Happened to miss the “as it was a couple of decades ago”? Nobody wrote those words with NOW. The UCs are as hard to get into as their admission rates indicate. And that number is what it is at above 50 percent in average. That is why I wrote it was hardly apocalyptic.

The fact that students transfer from a JUCO to become the better students also happens to speak volumes about UCB and its regularly admitted students.

Hmmmm. Sounds like someone has an ax to grind regarding Cal. Nice dig on the quality of the students who attend right out of high school.

Comparing the difficulty of getting in to UCLA vs UCR or even UCD is silly. What does a 4.5 GPA, NMF student care that the GENERALZED (over the entire UC system) acceptance rate is 50 plus percent? If they didn’t get in (along with tens of thousands of other top students) that little factoid means diddly.
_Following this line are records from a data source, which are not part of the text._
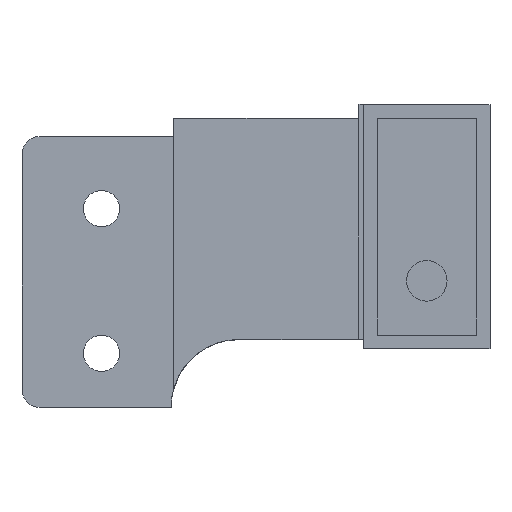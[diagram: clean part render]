
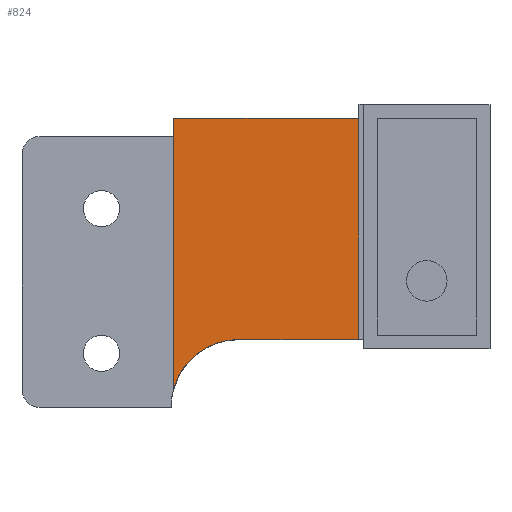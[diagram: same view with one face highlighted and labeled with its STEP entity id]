
A CAD part, top view. The second image highlights one B-rep face of the part: STEP entity #824.
In plain terms, the highlighted planar face has unit normal (0, 0, 1).
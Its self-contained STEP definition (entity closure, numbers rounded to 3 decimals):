
#3 = EDGE_LOOP ( 'NONE', ( #1151, #198, #493, #739, #1121 ) ) ;
#29 = CARTESIAN_POINT ( 'NONE',  ( 25.2, -29.9, 21. ) ) ;
#80 = LINE ( 'NONE', #582, #356 ) ;
#148 = LINE ( 'NONE', #1162, #1087 ) ;
#162 = CARTESIAN_POINT ( 'NONE',  ( 50.4, 0., 21. ) ) ;
#198 = ORIENTED_EDGE ( 'NONE', *, *, #1304, .F. ) ;
#268 = DIRECTION ( 'NONE',  ( -1., 0., 0. ) ) ;
#301 = CARTESIAN_POINT ( 'NONE',  ( 50.4, 0., 21. ) ) ;
#313 = AXIS2_PLACEMENT_3D ( 'NONE', #1010, #724, #1129 ) ;
#350 = DIRECTION ( 'NONE',  ( -1., 0., 0. ) ) ;
#356 = VECTOR ( 'NONE', #1083, 1000. ) ;
#388 = VECTOR ( 'NONE', #268, 1000. ) ;
#415 = EDGE_CURVE ( 'NONE', #1250, #1190, #148, .T. ) ;
#475 = AXIS2_PLACEMENT_3D ( 'NONE', #648, #1256, #350 ) ;
#493 = ORIENTED_EDGE ( 'NONE', *, *, #1006, .F. ) ;
#514 = DIRECTION ( 'NONE',  ( 1., 0., 0. ) ) ;
#536 = CARTESIAN_POINT ( 'NONE',  ( 25.2, 0., 21. ) ) ;
#549 = LINE ( 'NONE', #773, #388 ) ;
#565 = CARTESIAN_POINT ( 'NONE',  ( 50.4, -24.5, 21. ) ) ;
#582 = CARTESIAN_POINT ( 'NONE',  ( 50.4, -24.5, 21. ) ) ;
#606 = PLANE ( 'NONE',  #313 ) ;
#627 = VERTEX_POINT ( 'NONE', #681 ) ;
#648 = CARTESIAN_POINT ( 'NONE',  ( 32.4, -32., 21. ) ) ;
#658 = VERTEX_POINT ( 'NONE', #565 ) ;
#681 = CARTESIAN_POINT ( 'NONE',  ( 32.4, -24.5, 21. ) ) ;
#724 = DIRECTION ( 'NONE',  ( 0., 0., 1. ) ) ;
#739 = ORIENTED_EDGE ( 'NONE', *, *, #743, .F. ) ;
#743 = EDGE_CURVE ( 'NONE', #1190, #937, #1306, .T. ) ;
#755 = VECTOR ( 'NONE', #514, 1000. ) ;
#773 = CARTESIAN_POINT ( 'NONE',  ( 32.4, -24.5, 21. ) ) ;
#803 = FACE_OUTER_BOUND ( 'NONE', #3, .T. ) ;
#824 = ADVANCED_FACE ( 'NONE', ( #803 ), #606, .T. ) ;
#896 = EDGE_CURVE ( 'NONE', #627, #1250, #1057, .T. ) ;
#937 = VERTEX_POINT ( 'NONE', #162 ) ;
#1006 = EDGE_CURVE ( 'NONE', #937, #658, #80, .T. ) ;
#1010 = CARTESIAN_POINT ( 'NONE',  ( 32.4, -32., 21. ) ) ;
#1057 = CIRCLE ( 'NONE', #475, 7.5 ) ;
#1083 = DIRECTION ( 'NONE',  ( 0., -1., 0. ) ) ;
#1087 = VECTOR ( 'NONE', #1261, 1000. ) ;
#1121 = ORIENTED_EDGE ( 'NONE', *, *, #415, .F. ) ;
#1129 = DIRECTION ( 'NONE',  ( -1., 0., 0. ) ) ;
#1151 = ORIENTED_EDGE ( 'NONE', *, *, #896, .F. ) ;
#1162 = CARTESIAN_POINT ( 'NONE',  ( 25.2, 0., 21. ) ) ;
#1190 = VERTEX_POINT ( 'NONE', #536 ) ;
#1250 = VERTEX_POINT ( 'NONE', #29 ) ;
#1256 = DIRECTION ( 'NONE',  ( 0., 0., 1. ) ) ;
#1261 = DIRECTION ( 'NONE',  ( 0., 1., 0. ) ) ;
#1304 = EDGE_CURVE ( 'NONE', #658, #627, #549, .T. ) ;
#1306 = LINE ( 'NONE', #301, #755 ) ;

That is a real strawman question, when the thread is about how hard it is to be admitted to UCLA, assuming possession of a pulse.

^^ not quite. Read the OP again. UCLA was mentioned and DS opined it was hard for East Coast folks. The second part was about how tough it was to get into … top schools. Unless one considers only UCB and UCLA to be top schools, it is germane to look at the reality of admissions at the entire flagship system.

The pendulum here swings between reaches and safeties without much attention to the great supply of matches. Is the situation in California really more difficult than in MI or MA? What are the options for a top 7 %, 2000 SAT, with a weighted 4.0 graduate in Marin or La Jolla? Or from Compton or Cupertino?

It is obvious that when 20 percent of your entire state applies to one specific school that the odds will be low when a school admits purportedly close to 100 percent from a pool of highly ranked students.

On CC, the value of fit is heralded with the angle of having a balanced list of targets. Why would we think that UCLA should be easy to be admitted. Or as easy as it is to apply with a common application?